Place the config next to the model definition in tbccsi/models/:
tbccsi/models/
├── model_virchow2_v2.py # Virchow2MultiHeadModel class
├── model_virchow2_v2.yaml # its config
├── daft_macrophage.py # DAFT_Virchow2_Macrophage class
└── daft_macrophage.yaml # its config
Or as a package directory:
tbccsi/models/daft_macrophage/
├── __init__.py # exports DAFT_Virchow2_Macrophage
└── model_config.yaml # its config
Then register the short name in cli.py:
MODEL_REGISTRY = {
"virchow2_multihead_v2": "tbccsi.models.model_virchow2_v2.Virchow2MultiHeadModel",
"virchow2_multihead_v3": "tbccsi.models.model_virchow2_v3.Virchow2MultiHeadModel",
"daft_macrophage": "tbccsi.models.daft_macrophage.DAFT_Virchow2_Macrophage",
"mac_linear": "tbccsi.models.mac_linear.MacRegressorLinear",
"mac_mlp": "tbccsi.models.mac_mlp.MacRegressorMLP",
"mac_film": "tbccsi.models.mac_film.MacRegressorFiLM",
"mac_domain_specific": "tbccsi.models.mac_domain_specific.MacRegressorDomainSpecific",
"mac_resnet": "tbccsi.models.mac_resnet.MacRegressorResNet",
}Users can then run inference with just -n daft_macrophage — no config path needed.
| Extension | Backend | Notes |
|---|---|---|
.svs |
OpenSlide | Standard Aperio format |
.tiff / .tif |
TiffFile | Supports OME-TIFF and flat TIFFs |
.vsi |
SlideIO | Olympus CellSens format (requires slideio) |
tbccsi/
├── cli.py # Typer CLI with pred, tile, embed, call commands
├── tbccsi_main.py # Pipeline orchestration (tiling → inference → save)
├── model_inference.py # Config-driven InferenceEngine
├── model_config.py # ModelConfig dataclass + YAML loader
├── wsi_tiler.py # WSITiler: slide reading + tissue detection
├── wsi_plot.py # Heatmap generation
├── utils.py # Shared utilities: blur metrics (laplacian_variance, fft_high_freq_energy)
└── models/
├── model_virchow2_v2.py # Virchow2 multi-head v2 (structure + immune)
├── model_virchow2_v3.py # Virchow2 multi-head v3
├── daft_macrophage_v1.py # DAFT domain-aware macrophage classifier
├── mac_regressors.py # Shared base classes for cell-pair count regressors
├── mac_linear.py # MacRegressorLinear (Virchow2 backbone)
├── mac_mlp.py # MacRegressorMLP (Virchow2 backbone)
├── mac_film.py # MacRegressorFiLM (Virchow2 + domain conditioning)
├── mac_domain_specific.py # MacRegressorDomainSpecific
└── mac_resnet.py # MacRegressorResNet (ResNet-50 backbone)

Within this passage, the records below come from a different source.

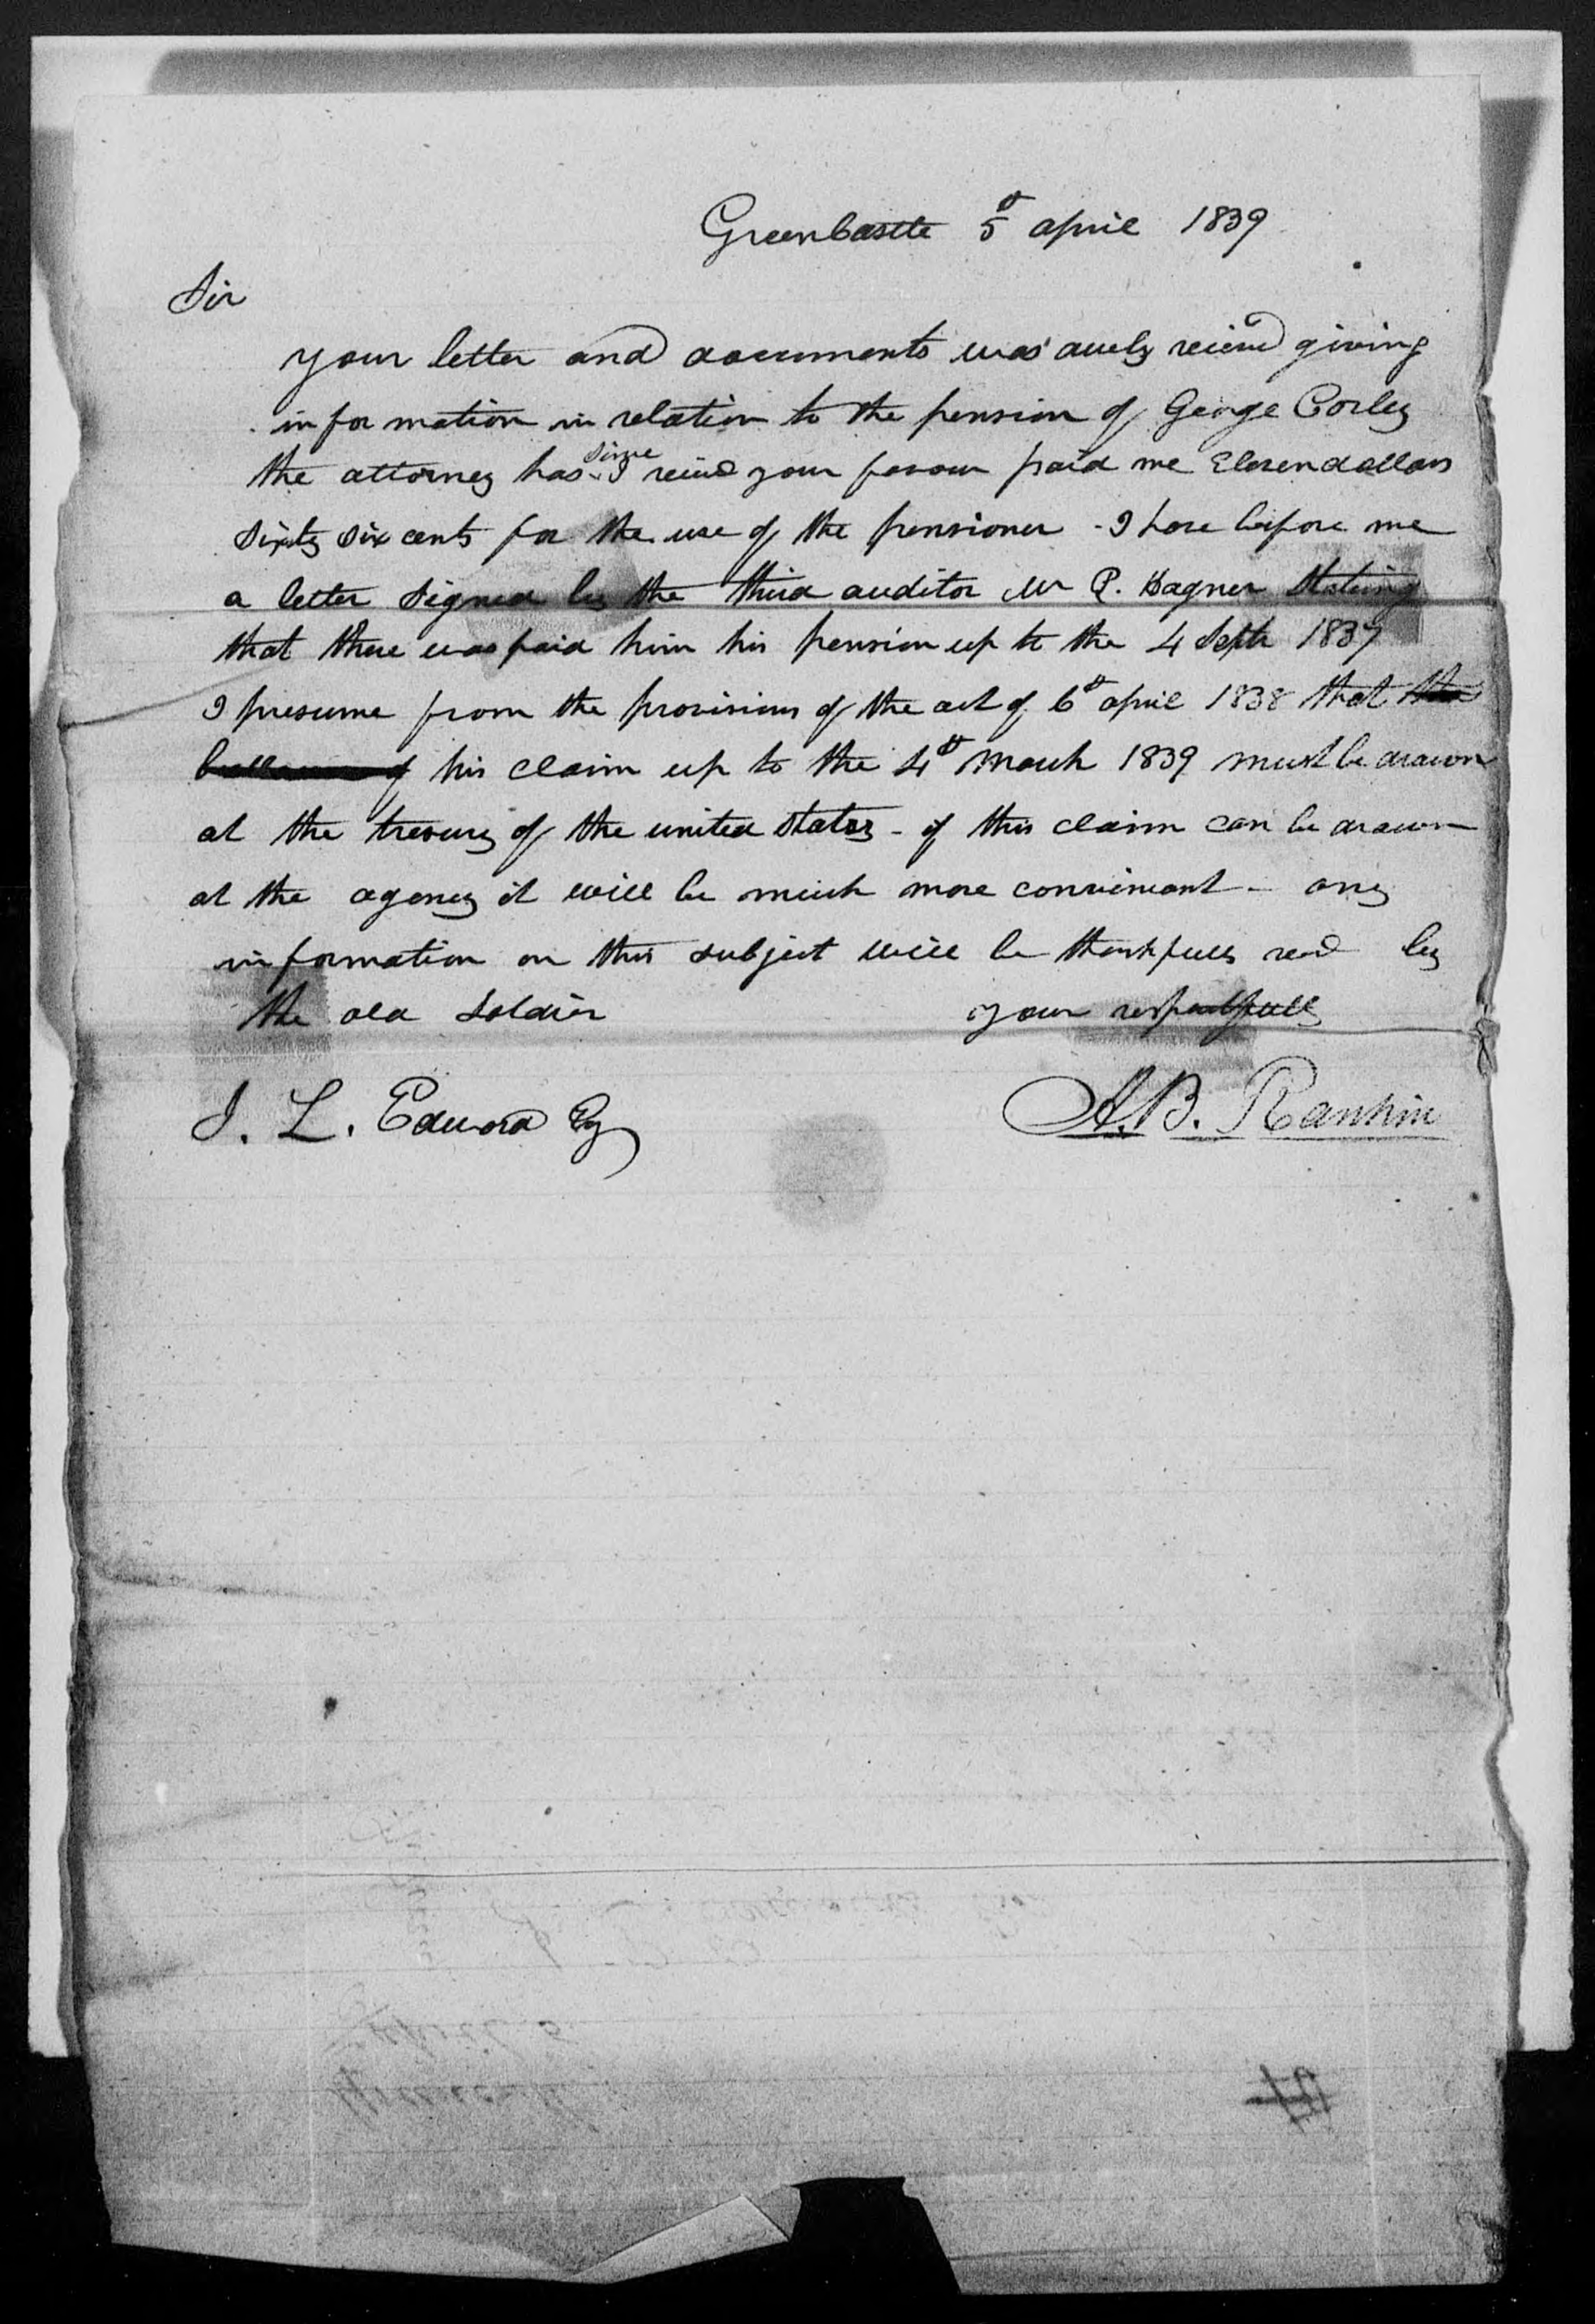Greencastle 5th April 1839
Sir
Your letter and document was auely received giving
information in relation to the pension of George Corley
the attorney has ^since^ I reind your for now paid me Eleven dollars
sixty six cents for the use of the pensioner - I have before me
a letter signed by the third auditor Mr P. Hagner Stating
that there was paid him his pension up to the 4 Sept 1837
I presume from the provision of the act of 6th april 1838 that [crossed out: illegible]
[crossed out: illegible] his claim up to the 4th March 1839 must be drawn
at the treasury of the united states - of this claim can be drawn
at the agency it will be much more convenient any
information on this subject will be thankfully recd by 
the old Soldier       your respectfully
J.L. Edward Esq.    A.B. Rankin

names: A B Rankin, George Corley, P Hagner, J L Edward
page: 22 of 22
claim: survivor's
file: S. 9,199, George Corley, Md.

OpenSlideUnsupportedFormatError — Ensure the file is not corrupted. For .vsi files, ensure slideio is installed (pip install slideio), as OpenSlide does not support VSI.

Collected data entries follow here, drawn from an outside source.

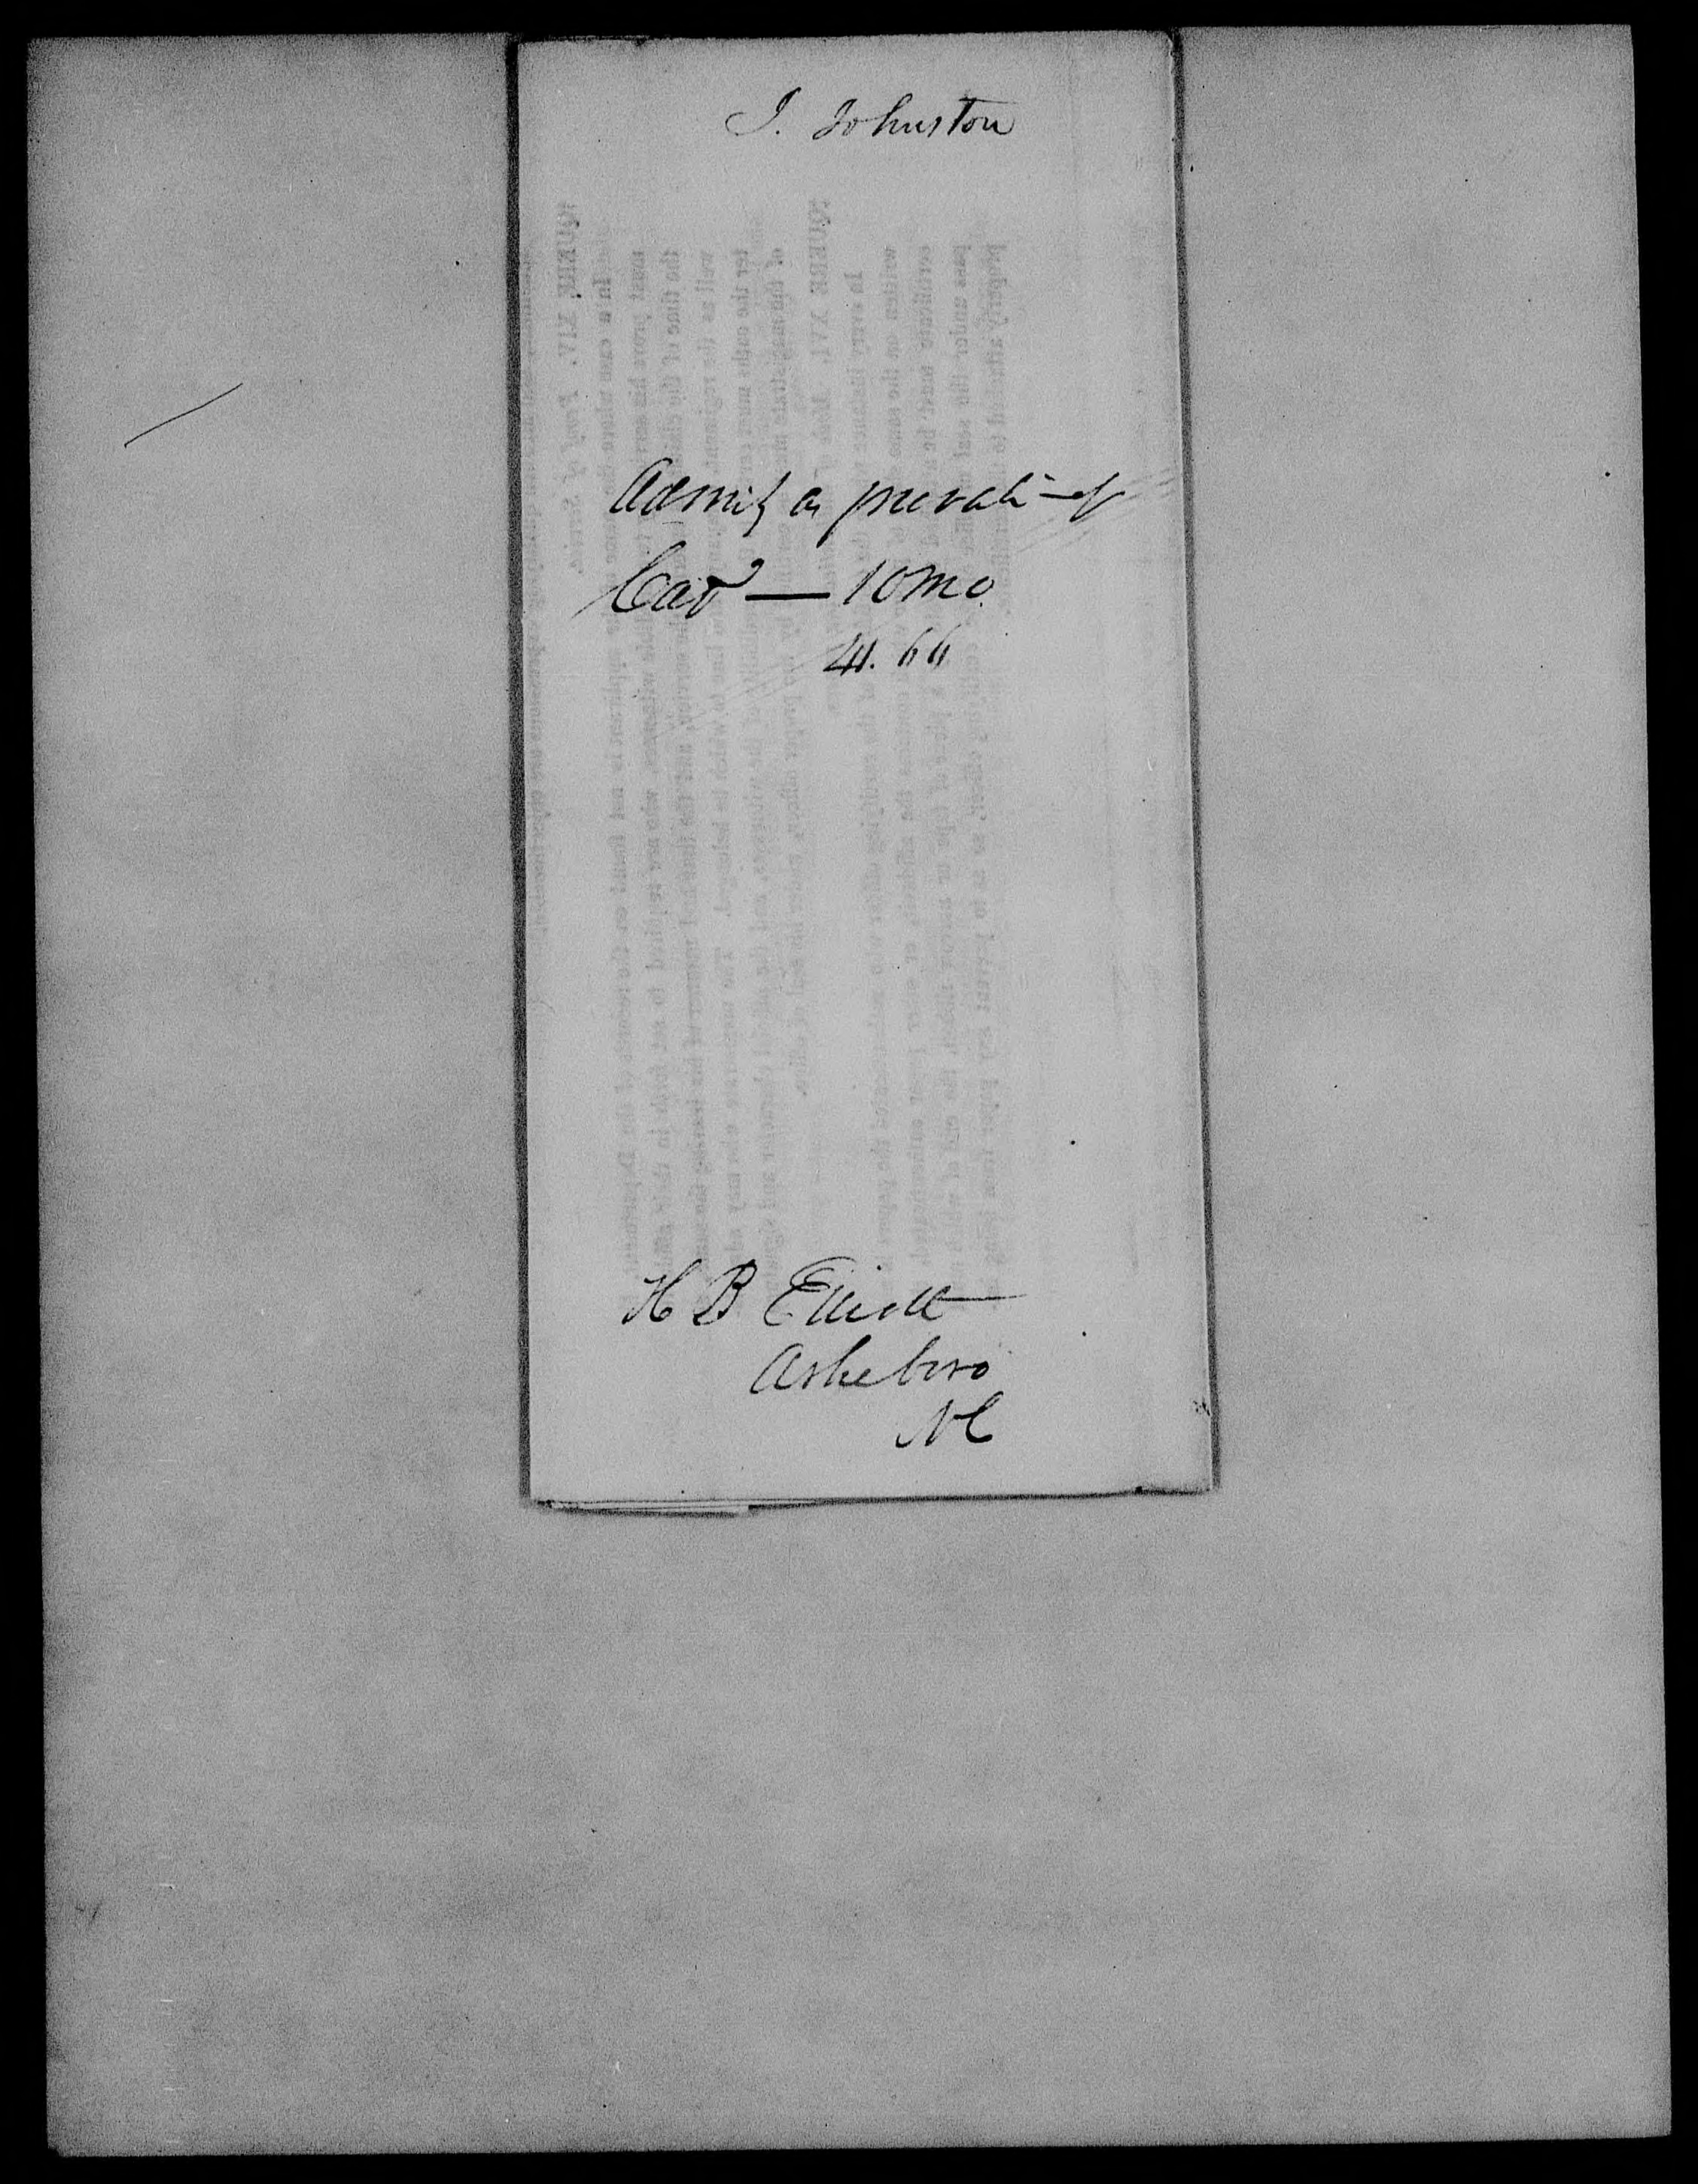J. Johnston

Admit as private of Cav. – 10 mo. 41.66

H. B. Elliott
Asheboro NC

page: 25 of 41
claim: widow's
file: W. 5033, for Joseph Johnston, North Carolina

DllNotFoundException (Windows) — Add the OpenSlide bin directory to your system PATH.
No model_config.yaml found — Either place a config next to your weights file, pass -c /path/to/config.yaml, or use -n model_name if the model is registered.
Legacy models — If you have existing weights trained with the original Virchow2 multi-head architecture, they still work without any config file. The engine falls back to the hardcoded behavior automatically.